Tenidap inhibits 5-lipoxygenase activity in vitro both directly and indirectly by interfering with its translocation from cytosol to the membrane compartment in neutrophils. A potential mechanism for the latter effect is discussed with reference to tenidap's ability to lower intracellular pH. Tenidap did not inhibit 5-LO pathway activity in three animal models.
在体外和体内研究替硝唑对花生四烯酸通过5-脂氧合酶(5-LO)途径代谢的影响。
体外(细胞)。花生四烯酸(AA)刺激大鼠嗜碱性白血病(RBL)细胞;A23817激活中性粒细胞(人、大鼠和兔)、巨噬细胞(大鼠)和血液(人)。体外(酶活性)。RBL细胞匀浆;纯化的人重组5-LO。体内:用酵母聚糖(每组3只动物)、A23187(每组11只动物)和免疫复合物(每组3 - 5只动物)攻击后测量腹膜白三烯产物的大鼠(Sprague-Dawley)模型。

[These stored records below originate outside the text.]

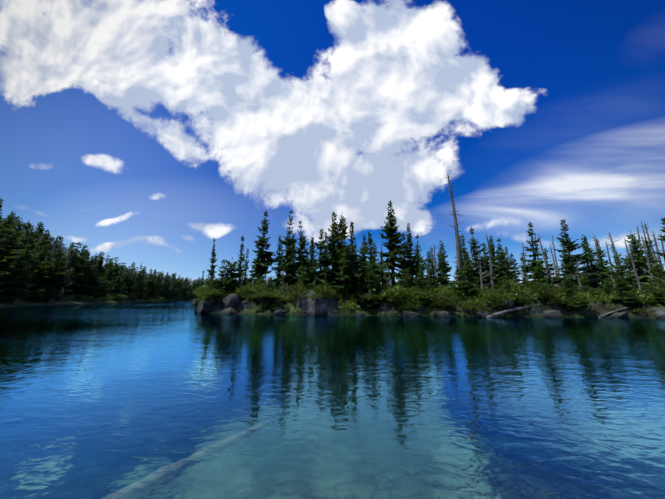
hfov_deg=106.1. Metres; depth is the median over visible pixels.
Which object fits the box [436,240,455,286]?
conifer tree
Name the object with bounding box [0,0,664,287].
sky
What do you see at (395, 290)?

5-羟基二十碳四烯酸(5-HETE)和二羟基二十碳四烯酸(二HETEs,包括LTB4)分别作为放射性标记产物(源自[14C]-AA)或通过高效液相色谱(HPLC)分离后在235或280nm处的吸光度进行测量。放射性标记的5-HPETE在通过薄层色谱(TLC)分离后用放射性TLC分析仪测量。通过测量释放到细胞外培养基中的放射性标记来确定膜结合的[14C]-AA去酰化。通过蛋白质印迹分析评估5-LO从细胞质到膜的转位。通过酶免疫分析(EIA)测定大鼠腹膜液中PGE、6-酮-PGF1α、LTE4或LTB4含量,通过放射免疫分析(RIA)测定TXB2含量。

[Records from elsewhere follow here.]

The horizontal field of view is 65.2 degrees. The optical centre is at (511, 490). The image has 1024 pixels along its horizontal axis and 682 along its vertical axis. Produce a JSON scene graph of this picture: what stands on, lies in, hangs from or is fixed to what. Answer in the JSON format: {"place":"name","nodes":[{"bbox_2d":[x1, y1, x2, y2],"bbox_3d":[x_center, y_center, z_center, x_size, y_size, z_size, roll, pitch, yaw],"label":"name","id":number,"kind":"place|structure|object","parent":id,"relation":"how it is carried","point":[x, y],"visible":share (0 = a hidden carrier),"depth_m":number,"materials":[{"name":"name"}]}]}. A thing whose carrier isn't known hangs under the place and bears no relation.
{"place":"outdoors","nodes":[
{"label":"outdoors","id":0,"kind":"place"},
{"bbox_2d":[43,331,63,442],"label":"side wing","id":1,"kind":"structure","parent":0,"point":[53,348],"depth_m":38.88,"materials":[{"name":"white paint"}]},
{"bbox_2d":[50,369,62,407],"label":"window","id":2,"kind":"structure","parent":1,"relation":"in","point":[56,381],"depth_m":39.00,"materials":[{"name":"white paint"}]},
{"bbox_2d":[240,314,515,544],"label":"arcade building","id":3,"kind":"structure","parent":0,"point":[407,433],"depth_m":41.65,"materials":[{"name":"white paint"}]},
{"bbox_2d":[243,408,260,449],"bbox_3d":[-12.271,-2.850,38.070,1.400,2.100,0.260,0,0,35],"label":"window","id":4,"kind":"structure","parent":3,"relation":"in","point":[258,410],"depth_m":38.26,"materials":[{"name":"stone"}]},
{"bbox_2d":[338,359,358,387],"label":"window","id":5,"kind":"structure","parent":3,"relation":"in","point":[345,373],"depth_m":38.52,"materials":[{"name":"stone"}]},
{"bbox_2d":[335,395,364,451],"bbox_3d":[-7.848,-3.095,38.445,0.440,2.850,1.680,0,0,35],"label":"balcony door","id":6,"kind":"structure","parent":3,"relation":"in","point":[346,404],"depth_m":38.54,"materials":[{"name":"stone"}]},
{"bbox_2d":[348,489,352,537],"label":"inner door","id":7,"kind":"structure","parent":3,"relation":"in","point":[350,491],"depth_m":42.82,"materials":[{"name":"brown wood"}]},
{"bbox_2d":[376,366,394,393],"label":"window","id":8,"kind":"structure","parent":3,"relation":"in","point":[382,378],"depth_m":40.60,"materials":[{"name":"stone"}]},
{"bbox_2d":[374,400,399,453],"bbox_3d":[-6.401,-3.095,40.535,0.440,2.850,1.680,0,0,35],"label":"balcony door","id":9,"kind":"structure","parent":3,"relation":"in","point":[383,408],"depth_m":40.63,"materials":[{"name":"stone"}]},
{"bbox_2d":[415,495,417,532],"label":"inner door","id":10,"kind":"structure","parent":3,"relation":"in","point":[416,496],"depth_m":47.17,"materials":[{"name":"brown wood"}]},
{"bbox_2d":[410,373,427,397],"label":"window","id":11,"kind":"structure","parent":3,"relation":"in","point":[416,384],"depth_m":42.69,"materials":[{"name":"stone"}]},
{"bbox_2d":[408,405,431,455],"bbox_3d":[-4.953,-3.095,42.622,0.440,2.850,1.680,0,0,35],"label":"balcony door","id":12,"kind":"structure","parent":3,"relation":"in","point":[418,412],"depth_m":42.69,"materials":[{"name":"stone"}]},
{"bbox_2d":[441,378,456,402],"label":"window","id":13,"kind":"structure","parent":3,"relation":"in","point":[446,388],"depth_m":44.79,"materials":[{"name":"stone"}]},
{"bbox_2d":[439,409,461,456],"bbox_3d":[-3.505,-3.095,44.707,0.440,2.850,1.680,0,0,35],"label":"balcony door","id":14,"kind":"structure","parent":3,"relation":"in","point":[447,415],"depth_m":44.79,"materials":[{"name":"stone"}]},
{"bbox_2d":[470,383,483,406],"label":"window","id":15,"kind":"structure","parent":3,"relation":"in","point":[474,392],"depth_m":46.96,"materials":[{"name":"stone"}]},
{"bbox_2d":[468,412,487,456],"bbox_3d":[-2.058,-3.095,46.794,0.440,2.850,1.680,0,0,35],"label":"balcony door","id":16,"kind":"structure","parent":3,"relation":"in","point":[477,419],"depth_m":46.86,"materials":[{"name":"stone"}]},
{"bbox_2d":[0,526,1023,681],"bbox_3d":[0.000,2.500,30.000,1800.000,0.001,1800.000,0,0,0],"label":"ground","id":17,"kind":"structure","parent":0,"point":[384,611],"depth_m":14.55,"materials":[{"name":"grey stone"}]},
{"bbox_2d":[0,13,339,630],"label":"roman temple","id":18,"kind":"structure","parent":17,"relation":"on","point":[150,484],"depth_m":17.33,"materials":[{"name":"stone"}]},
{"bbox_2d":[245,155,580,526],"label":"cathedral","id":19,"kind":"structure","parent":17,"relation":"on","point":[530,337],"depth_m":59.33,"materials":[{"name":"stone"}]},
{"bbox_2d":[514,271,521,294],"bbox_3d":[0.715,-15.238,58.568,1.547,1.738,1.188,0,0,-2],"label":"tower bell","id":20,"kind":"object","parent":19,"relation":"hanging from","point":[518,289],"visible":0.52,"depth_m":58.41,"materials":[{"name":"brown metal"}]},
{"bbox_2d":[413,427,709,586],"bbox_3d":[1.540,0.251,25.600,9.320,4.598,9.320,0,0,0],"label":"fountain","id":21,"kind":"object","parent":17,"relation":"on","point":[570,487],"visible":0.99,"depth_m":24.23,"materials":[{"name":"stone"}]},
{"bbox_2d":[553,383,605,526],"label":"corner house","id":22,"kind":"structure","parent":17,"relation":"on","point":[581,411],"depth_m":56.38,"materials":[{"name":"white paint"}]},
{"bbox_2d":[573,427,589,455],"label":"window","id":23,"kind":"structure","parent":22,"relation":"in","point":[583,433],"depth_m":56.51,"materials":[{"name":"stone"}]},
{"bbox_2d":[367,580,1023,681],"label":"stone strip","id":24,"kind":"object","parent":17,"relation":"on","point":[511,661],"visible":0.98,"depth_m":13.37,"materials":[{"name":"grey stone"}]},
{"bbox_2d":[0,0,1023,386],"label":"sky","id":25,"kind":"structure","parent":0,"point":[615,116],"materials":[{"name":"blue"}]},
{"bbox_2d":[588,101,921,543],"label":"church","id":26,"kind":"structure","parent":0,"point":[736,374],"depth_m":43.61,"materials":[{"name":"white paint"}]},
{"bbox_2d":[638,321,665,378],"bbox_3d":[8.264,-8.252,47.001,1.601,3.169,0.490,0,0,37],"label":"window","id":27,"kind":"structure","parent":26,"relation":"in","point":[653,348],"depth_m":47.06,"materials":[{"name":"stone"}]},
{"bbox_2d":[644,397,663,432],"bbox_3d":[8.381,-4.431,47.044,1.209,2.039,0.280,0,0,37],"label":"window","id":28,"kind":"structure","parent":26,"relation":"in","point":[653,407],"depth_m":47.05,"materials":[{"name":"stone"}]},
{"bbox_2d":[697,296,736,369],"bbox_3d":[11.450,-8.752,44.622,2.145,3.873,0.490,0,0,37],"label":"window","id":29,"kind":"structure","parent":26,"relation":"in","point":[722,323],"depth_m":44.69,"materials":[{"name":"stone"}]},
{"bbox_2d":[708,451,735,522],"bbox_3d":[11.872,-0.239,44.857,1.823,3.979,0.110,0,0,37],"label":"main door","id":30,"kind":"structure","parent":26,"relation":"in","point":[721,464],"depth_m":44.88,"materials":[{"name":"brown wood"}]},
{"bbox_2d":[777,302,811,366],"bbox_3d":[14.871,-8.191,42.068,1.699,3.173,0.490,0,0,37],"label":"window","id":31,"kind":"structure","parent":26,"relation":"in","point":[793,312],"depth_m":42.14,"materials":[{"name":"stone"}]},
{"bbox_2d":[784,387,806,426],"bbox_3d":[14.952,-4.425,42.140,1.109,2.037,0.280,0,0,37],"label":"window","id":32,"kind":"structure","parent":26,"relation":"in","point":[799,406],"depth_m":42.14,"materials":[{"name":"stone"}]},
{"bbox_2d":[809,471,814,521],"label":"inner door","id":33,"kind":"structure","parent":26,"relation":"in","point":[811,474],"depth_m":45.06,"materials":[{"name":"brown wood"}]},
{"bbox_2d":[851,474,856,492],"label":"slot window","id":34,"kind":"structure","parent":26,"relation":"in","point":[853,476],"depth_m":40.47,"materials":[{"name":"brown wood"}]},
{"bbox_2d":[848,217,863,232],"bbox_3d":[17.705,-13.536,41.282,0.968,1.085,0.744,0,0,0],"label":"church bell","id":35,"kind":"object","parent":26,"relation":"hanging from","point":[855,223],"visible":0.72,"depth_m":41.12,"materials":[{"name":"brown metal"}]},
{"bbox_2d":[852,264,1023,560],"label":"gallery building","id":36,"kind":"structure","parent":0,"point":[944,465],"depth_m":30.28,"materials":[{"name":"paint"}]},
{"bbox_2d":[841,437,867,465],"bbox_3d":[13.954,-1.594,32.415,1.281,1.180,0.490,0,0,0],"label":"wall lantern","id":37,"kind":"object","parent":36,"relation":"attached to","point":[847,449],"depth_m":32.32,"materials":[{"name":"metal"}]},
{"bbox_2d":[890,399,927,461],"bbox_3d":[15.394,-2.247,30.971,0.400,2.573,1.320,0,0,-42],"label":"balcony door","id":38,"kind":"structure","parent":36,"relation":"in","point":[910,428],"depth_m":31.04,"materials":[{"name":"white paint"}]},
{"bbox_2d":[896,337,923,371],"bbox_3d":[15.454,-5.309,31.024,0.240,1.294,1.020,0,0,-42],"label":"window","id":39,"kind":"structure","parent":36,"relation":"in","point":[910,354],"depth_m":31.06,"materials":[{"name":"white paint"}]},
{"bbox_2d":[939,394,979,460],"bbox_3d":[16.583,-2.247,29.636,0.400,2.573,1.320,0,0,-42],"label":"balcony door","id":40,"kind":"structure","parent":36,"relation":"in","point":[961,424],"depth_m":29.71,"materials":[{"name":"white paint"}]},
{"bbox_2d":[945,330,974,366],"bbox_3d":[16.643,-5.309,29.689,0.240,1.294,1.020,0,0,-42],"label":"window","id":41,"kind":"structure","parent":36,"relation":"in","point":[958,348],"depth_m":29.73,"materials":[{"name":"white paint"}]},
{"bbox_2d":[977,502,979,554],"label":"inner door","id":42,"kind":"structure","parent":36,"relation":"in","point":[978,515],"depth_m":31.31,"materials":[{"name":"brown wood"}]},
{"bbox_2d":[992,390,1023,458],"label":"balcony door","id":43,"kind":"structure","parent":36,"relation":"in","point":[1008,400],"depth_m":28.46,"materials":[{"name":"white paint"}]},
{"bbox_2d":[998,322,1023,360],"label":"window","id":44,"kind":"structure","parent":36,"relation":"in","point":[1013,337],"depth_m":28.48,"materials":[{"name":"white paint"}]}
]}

替硝唑抑制外源性提供的AA刺激的培养大鼠嗜碱性白血病(RBL-1)细胞、人及大鼠中性粒细胞以及用A23187刺激的大鼠腹膜巨噬细胞中5-LO介导的产物生成(IC50,5 - 15μM)。此外,替硝唑抑制RBL-1细胞中放射性标记AA释放的效力较低(IC50,180μM),这表明5-LO衍生产物的减少不能用对AA细胞动员(即磷脂酶)的影响来解释。替硝唑通过解离的RBL-1细胞制剂(IC50,7μM)以及5-LO/氢过氧化物酶活性的100000×g上清液阻断5-羟基二十碳四烯酸(5-HETE)的生成,表明对5-LO酶本身有直接作用。此外,替硝唑损害了5-LO从细胞质到其膜结合对接蛋白(FLAP)的转位,这种转位在人中性粒细胞用钙离子载体刺激时发生,这表明了抑制5-LO途径的第二种机制。令人惊讶的是,替硝唑没有阻断放射性标记的MK-0591(FLAP的吲哚配体)与中性粒细胞膜的结合。尽管在全血和体内很容易观察到其抑制环氧化酶途径的能力,但在离子载体刺激的人血液中以及在大鼠模型中口服给药后(在三种不同刺激攻击后测量腹膜白三烯产物),均未证明替硝唑对5-LO的阻断作用。细胞外蛋白质的存在大大降低了替硝唑作为5-LO抑制剂在体外的效力,这表明蛋白质结合是动物模型中活性丧失的原因。
替硝唑在体外通过干扰其从细胞质到中性粒细胞膜区室的转位直接和间接抑制5-脂氧合酶活性。参考替硝唑降低细胞内pH的能力讨论了后一种作用的潜在机制。替硝唑在三种动物模型中未抑制5-LO途径活性。